Educational inequity is a persistent challenge across the globe. Due to its relevance, access to ‘inclusive and equitable quality education’ was included as one of the Sustainable Development Goals (SDGs) ratified by the United Nations General Assembly. Inequities in education often become evident in the transition processes that provide students access to different school forms and academic tracks, the most significant being the transition from primary to secondary education. Drawing on a framework at the intersection between research on 1) structural inequalities inherent to educational systems, 2) the quality of teaching of linguistic and cultural diverse pupils and 3) issues relating to asymmetries in student assessment, the current project aims to develop and evaluate a Toolkit for critical global citizenship education, inclusion and equity in educational transitions (GlobalEquitEd), allowing (pre-service) teachers to acknowledge and draw upon their linguistically and culturally diverse pupils’ specific ‘funds of knowledge and of identity’ (Volman & ’t Gilde, 2020), following emancipatory and critical models of global citizenship education. We concretely wish to explore how engaging in forms of critical citizenship education (Andreotti, 2006) in combination with exploring approaches towards culturally (and linguistically) responsive pedagogies (e.g. Gay, 2000; Hollie, 2017) may affect the educational pathways of linguistic and culturally diverse pupils in their transition from primary to secondary education.
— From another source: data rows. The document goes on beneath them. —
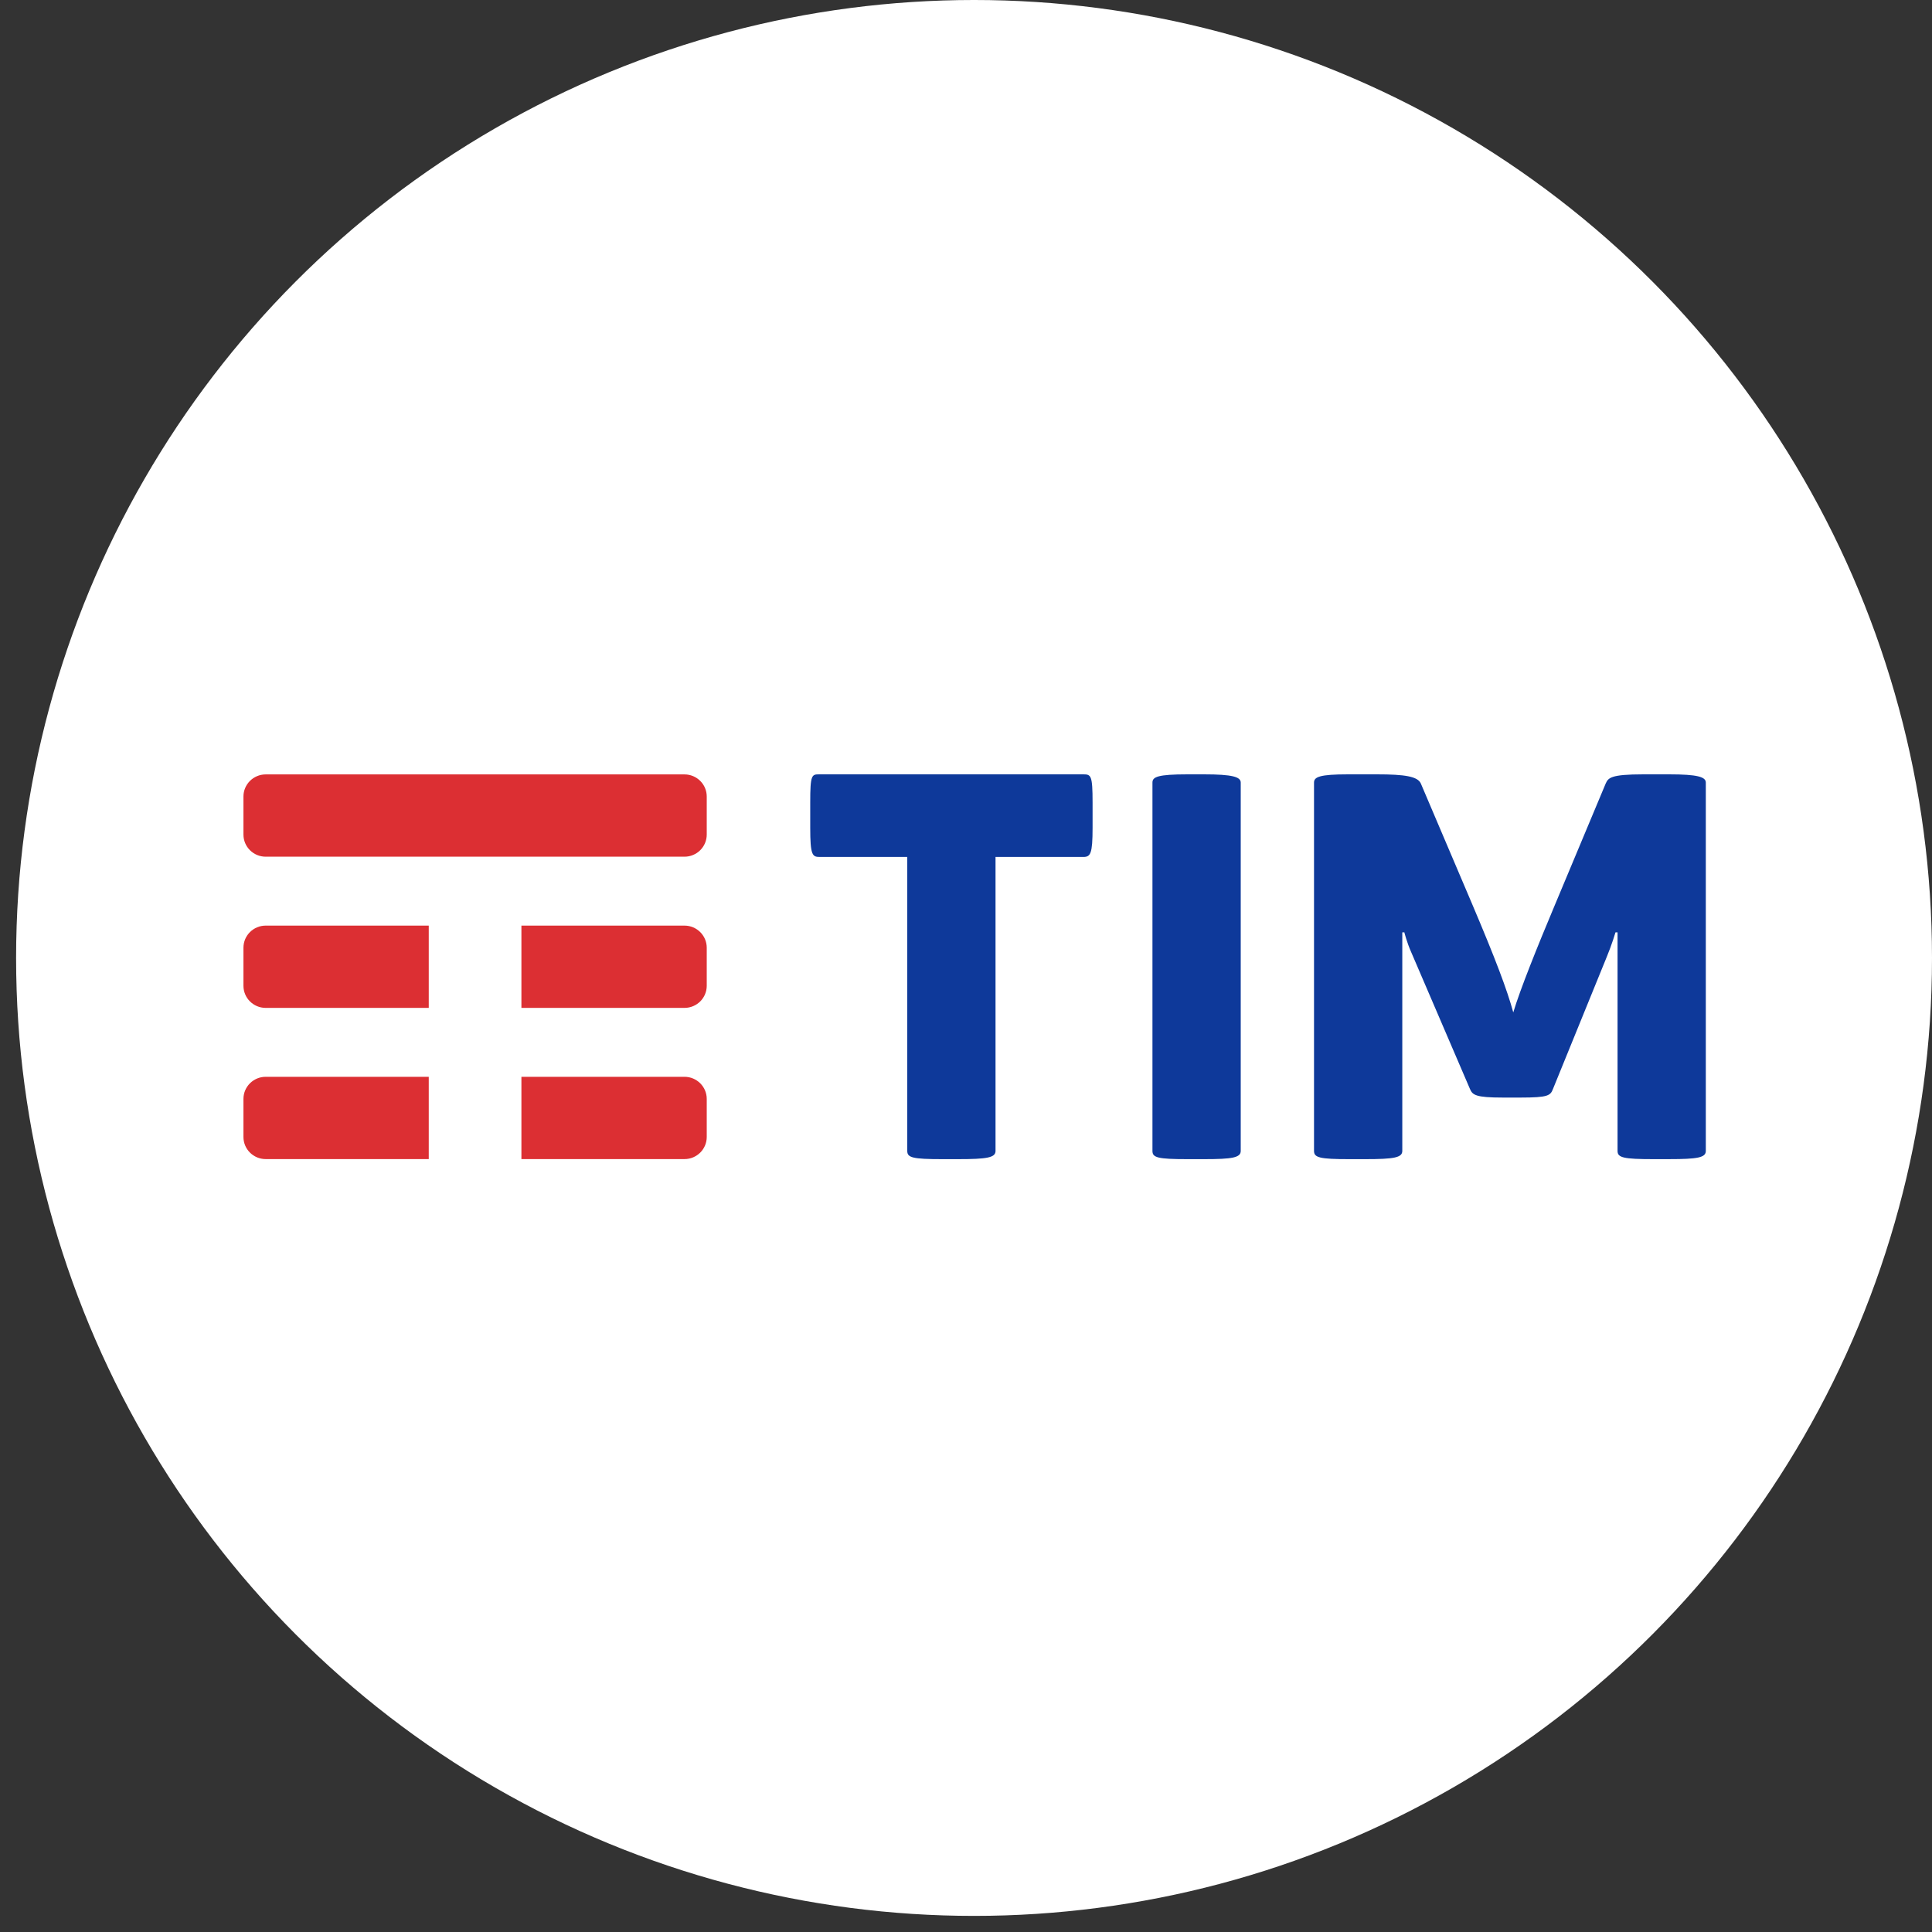 <svg width="120" height="120" viewBox="0 0 120 120" fill="none" xmlns="http://www.w3.org/2000/svg">
<rect x="0" y="0" width="120" height="120" fill="#333333" stroke="none"/>
<circle cx="60.5" cy="59.5" r="59.5" fill="white"/>
<g clip-path="url(#clip0_3226_7846)">
<path d="M103.675 48.096H102.072C100.02 48.096 99.892 48.319 99.731 48.67L96.557 56.254C95.499 58.772 94.409 61.48 93.992 62.883C93.608 61.48 92.902 59.6 91.427 56.127L88.253 48.67C88.061 48.224 87.259 48.096 85.528 48.096H83.733C81.969 48.096 81.616 48.255 81.616 48.606V71.487C81.616 71.901 81.969 71.997 83.797 71.997H84.791C86.586 71.997 87.099 71.901 87.099 71.487V57.911H87.227C87.227 57.911 87.388 58.549 87.644 59.122L91.299 67.631C91.459 68.013 91.652 68.172 93.351 68.172H94.441C96.173 68.172 96.301 68.045 96.461 67.631L99.796 59.441C100.116 58.676 100.34 57.911 100.34 57.911H100.469V71.487C100.469 71.901 100.821 71.997 102.713 71.997L103.675 71.996C105.438 71.996 105.951 71.901 105.951 71.487L105.951 48.606C105.951 48.255 105.438 48.096 103.675 48.096ZM77.064 48.606C77.064 48.256 76.551 48.096 74.787 48.096H73.761C71.902 48.096 71.581 48.256 71.581 48.606L71.581 71.487C71.581 71.901 71.902 71.997 73.761 71.997H74.787C76.551 71.997 77.064 71.901 77.064 71.487V48.606ZM67.285 48.096C67.766 48.096 67.862 48.16 67.862 49.849V51.411C67.862 53.036 67.734 53.227 67.285 53.227H61.834V71.487C61.834 71.901 61.322 71.997 59.494 71.997H58.532C56.672 71.997 56.352 71.901 56.352 71.487V53.227H50.901C50.453 53.227 50.325 53.099 50.325 51.411V49.849C50.324 48.096 50.421 48.096 50.901 48.096L67.285 48.096Z" fill="#0E399A"/>
<path d="M26.631 66.882H16.503C16.121 66.882 15.775 67.037 15.524 67.286C15.275 67.535 15.121 67.878 15.121 68.257V70.619C15.121 70.996 15.274 71.339 15.522 71.587C15.773 71.838 16.12 71.993 16.504 71.993H26.631V66.882ZM43.497 67.29C43.246 67.038 42.899 66.882 42.514 66.882H32.386V71.993L42.514 71.993C42.899 71.993 43.246 71.837 43.497 71.586C43.744 71.337 43.897 70.996 43.897 70.619V68.257C43.897 67.879 43.744 67.538 43.497 67.29ZM43.497 57.899C43.246 57.647 42.899 57.491 42.514 57.491H32.386V62.602L42.514 62.602C42.898 62.602 43.246 62.446 43.497 62.195C43.744 61.946 43.897 61.605 43.897 61.228V58.865C43.897 58.488 43.744 58.147 43.497 57.899ZM26.631 57.491H16.503C16.121 57.491 15.775 57.646 15.524 57.895C15.275 58.144 15.121 58.487 15.121 58.865V61.228C15.121 61.605 15.274 61.948 15.522 62.196C15.773 62.447 16.12 62.602 16.503 62.602H26.631V57.491ZM42.514 53.211L16.503 53.211C16.12 53.211 15.773 53.056 15.522 52.805C15.274 52.556 15.121 52.214 15.121 51.837V49.474C15.121 49.096 15.275 48.753 15.524 48.504C15.775 48.255 16.121 48.1 16.503 48.1H42.514C42.899 48.1 43.246 48.256 43.497 48.508C43.744 48.756 43.897 49.097 43.897 49.474V51.837C43.897 52.214 43.744 52.555 43.497 52.804C43.246 53.055 42.898 53.211 42.514 53.211Z" fill="#DC2F33"/>
</g>
<defs>
<clipPath id="clip0_3226_7846">
<rect width="91" height="24" fill="white" transform="translate(15 48)"/>
</clipPath>
</defs>
</svg>

Mapping Critical Global Citizenship Education in Spanish Schools
Project Leader: Renée DePalma
Participating Researchers: María Barba Núñez; Laura Cruz López; Alba Patricia Digón Regueiro; Ana Lampón Gude; Rosa María Méndez García; Araceli Serantes Pazos.
The ECIGAL research group at the University of A Coruña (Spain) is dedicated to promoting and researching Critical Global Citizenship Education (CGCE). We are committed to designing collaborative projects that bring together regulated education institutions (such as schools and universities) with other relevant social agents, such as NGOs and other organizations devoted to social and environmental justice. We prioritize the use of participatory research methodologies and the development of critical (digital) literacies that can help us identify, re-interpret and deconstruct global inequities. As part of this overall strategy, we have sustained a long-term partnership with the NGO Solidariedade International de Galicia (Galician International Solidarity), initiated in 2013, that has led to the creation of an interactive map of CGCE Initiatives throughout the Galician Autonomous Community of Spain. With the EERA/Gene-funded project Mapping Critical Global Citizenship Education in Spanish Schools, we plan to expand this pilot project to the national level, providing teachers, schools, and NGOs with a platform for sharing practice and forging new collaborations. The project will focus on core curricular areas in primary education, since our previous research has found these to be relatively under-explored.
Understanding teacher students’ implicit knowledge in regard to diversity, culture and societal change
Project Leader: Susanne Timm
Participating Researchers: Inkeri Rissanen; Mervi Kaukko; Katri Jokikokko.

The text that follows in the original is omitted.